Quote the records below in full, exactly as given, with the images taken out.

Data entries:
+-------+
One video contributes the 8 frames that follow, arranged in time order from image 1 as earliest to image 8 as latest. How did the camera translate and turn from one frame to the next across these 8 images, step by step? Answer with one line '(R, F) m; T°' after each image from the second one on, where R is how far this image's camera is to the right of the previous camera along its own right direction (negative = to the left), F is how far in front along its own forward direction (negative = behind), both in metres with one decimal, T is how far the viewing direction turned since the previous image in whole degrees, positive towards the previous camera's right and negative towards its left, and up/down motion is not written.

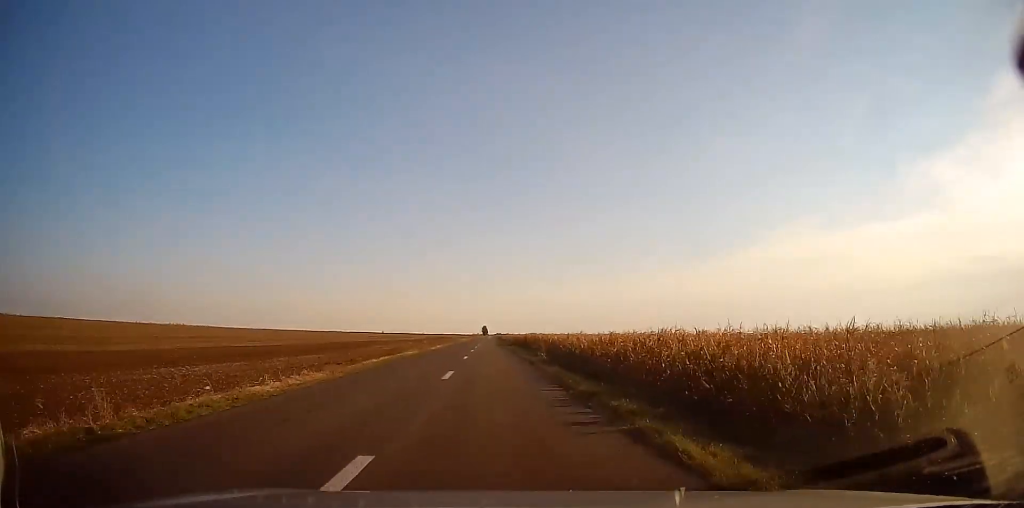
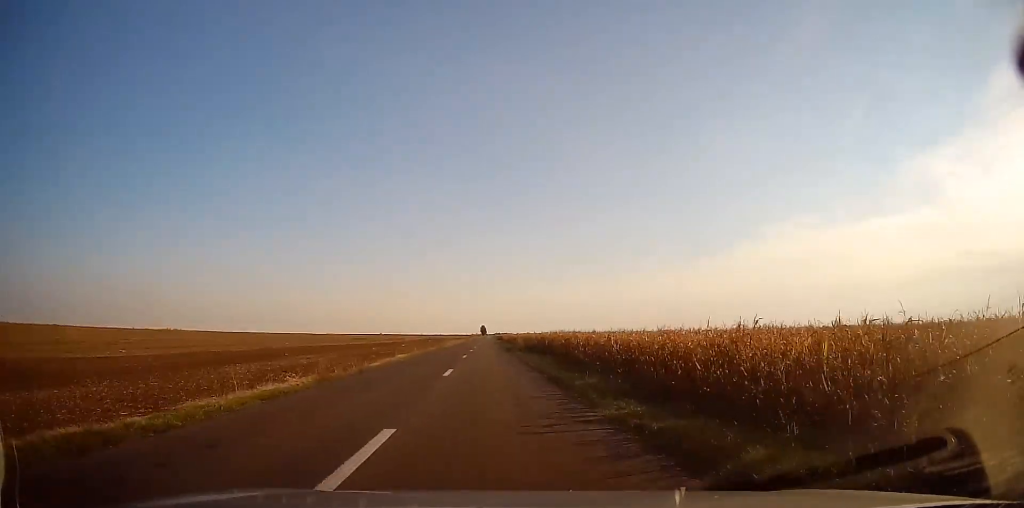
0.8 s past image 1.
(-0.2, +22.1) m; 0°
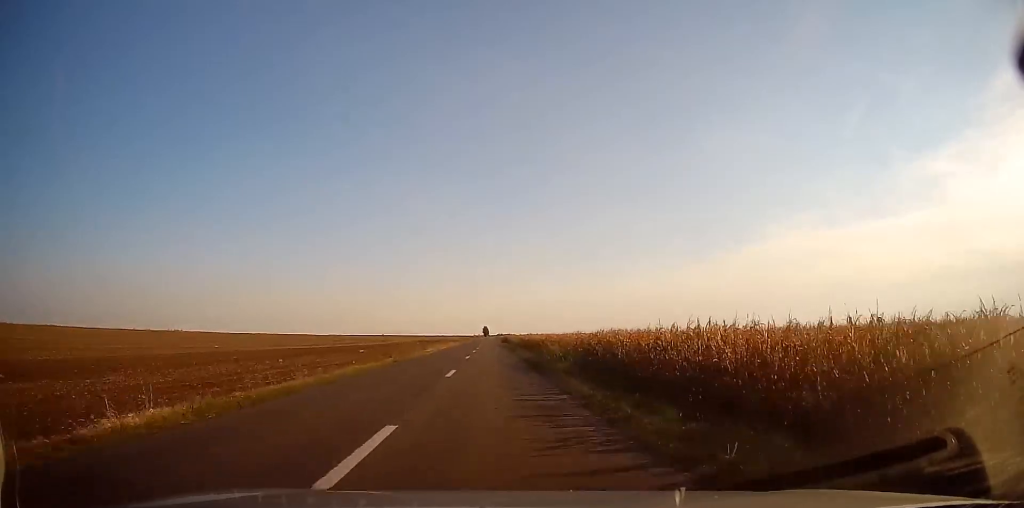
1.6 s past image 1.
(+0.1, +23.6) m; 0°
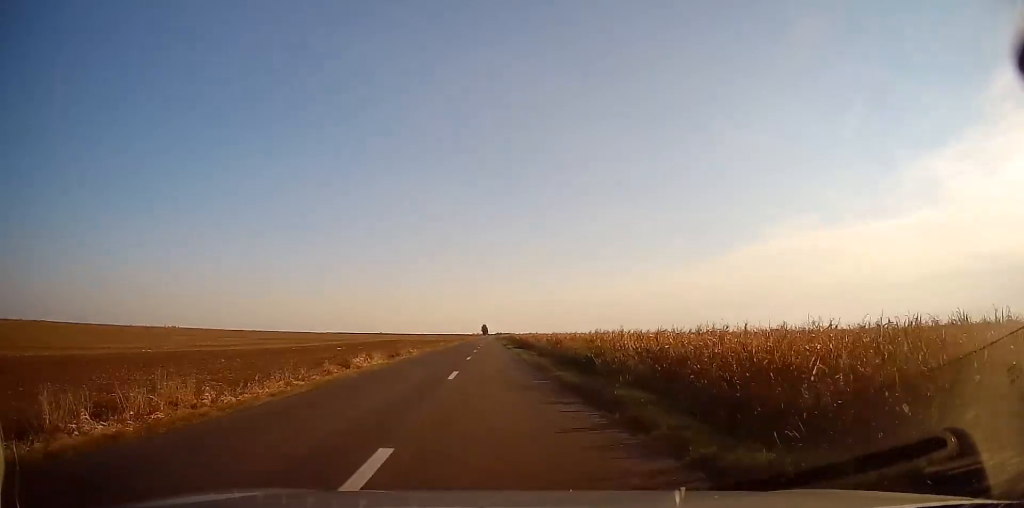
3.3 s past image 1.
(0.0, +48.7) m; 0°
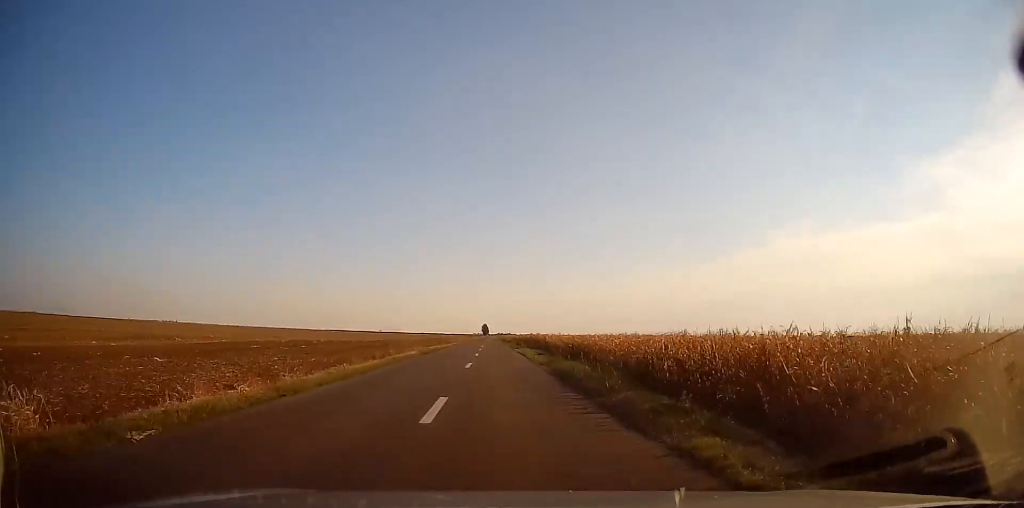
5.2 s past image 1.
(-0.2, +55.6) m; -1°
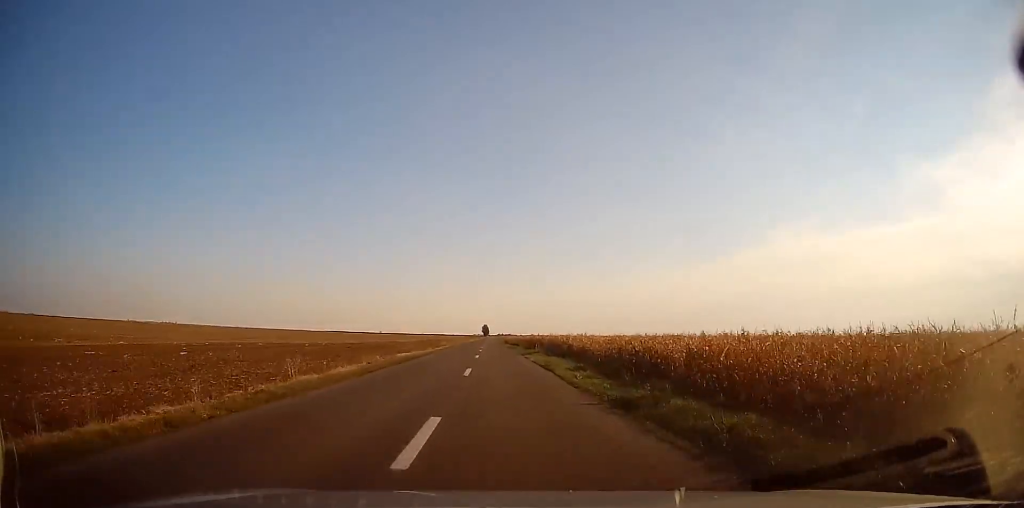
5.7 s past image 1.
(-0.1, +14.7) m; 0°
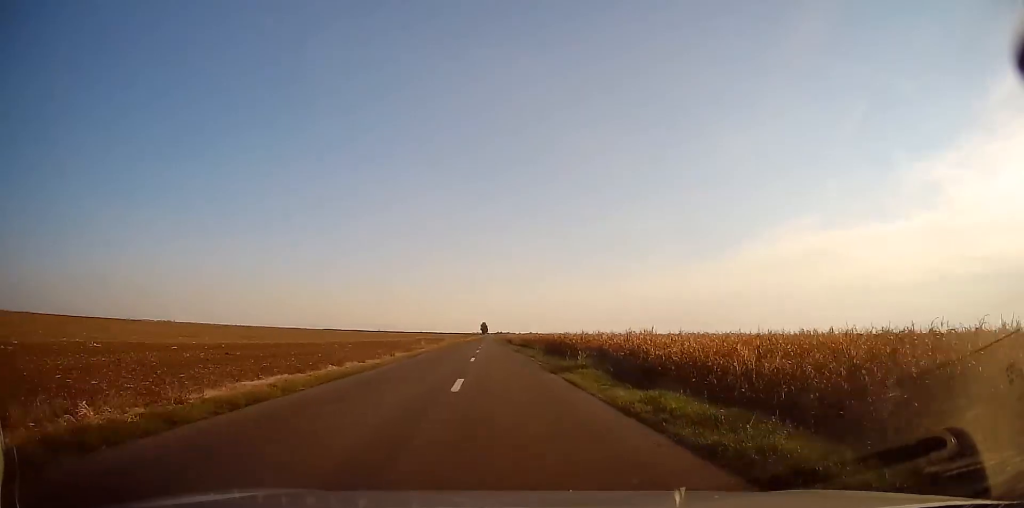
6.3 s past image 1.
(0.0, +17.5) m; 0°
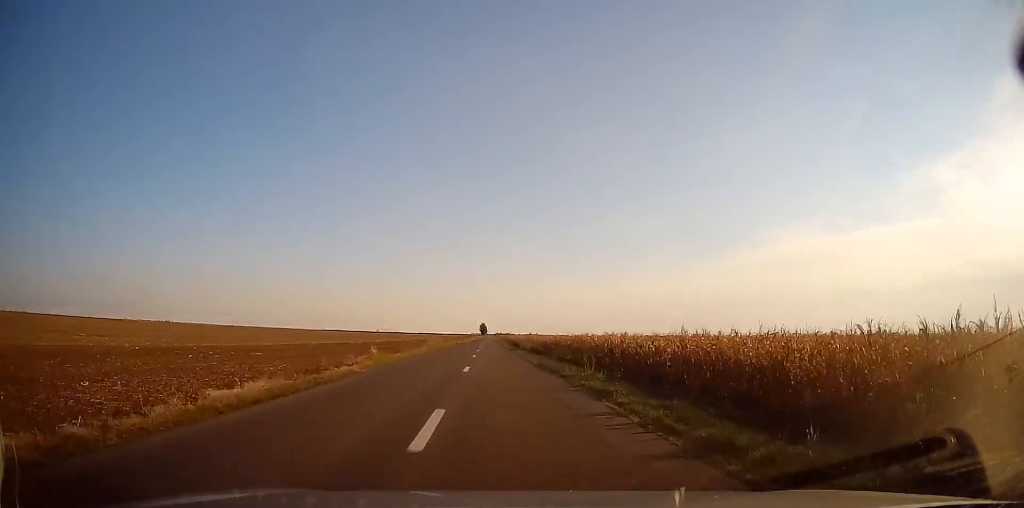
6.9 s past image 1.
(-0.1, +17.3) m; +1°
+-------+
**Written reply**
One video contributes the 8 frames that follow, arranged in time order from image 1 as earliest to image 8 as latest. How did the camera translate and turn from one frame to the next across these 8 images, step by step? Answer with one line '(R, F) m; T°' after each image from the second one on, where R is how far this image's camera is to the right of the previous camera along its own right direction (negative = to the left), F is how far in front along its own forward direction (negative = behind), both in metres with one decimal, T is how far the viewing direction turned since the previous image in whole degrees, positive towards the previous camera's right and negative towards its left, and up/down motion is not written.

0.8 s past image 1.
(-0.2, +22.1) m; 0°
1.6 s past image 1.
(+0.1, +23.6) m; 0°
3.3 s past image 1.
(0.0, +48.7) m; 0°
5.2 s past image 1.
(-0.2, +55.6) m; -1°
5.7 s past image 1.
(-0.1, +14.7) m; 0°
6.3 s past image 1.
(0.0, +17.5) m; 0°
6.9 s past image 1.
(-0.1, +17.3) m; +1°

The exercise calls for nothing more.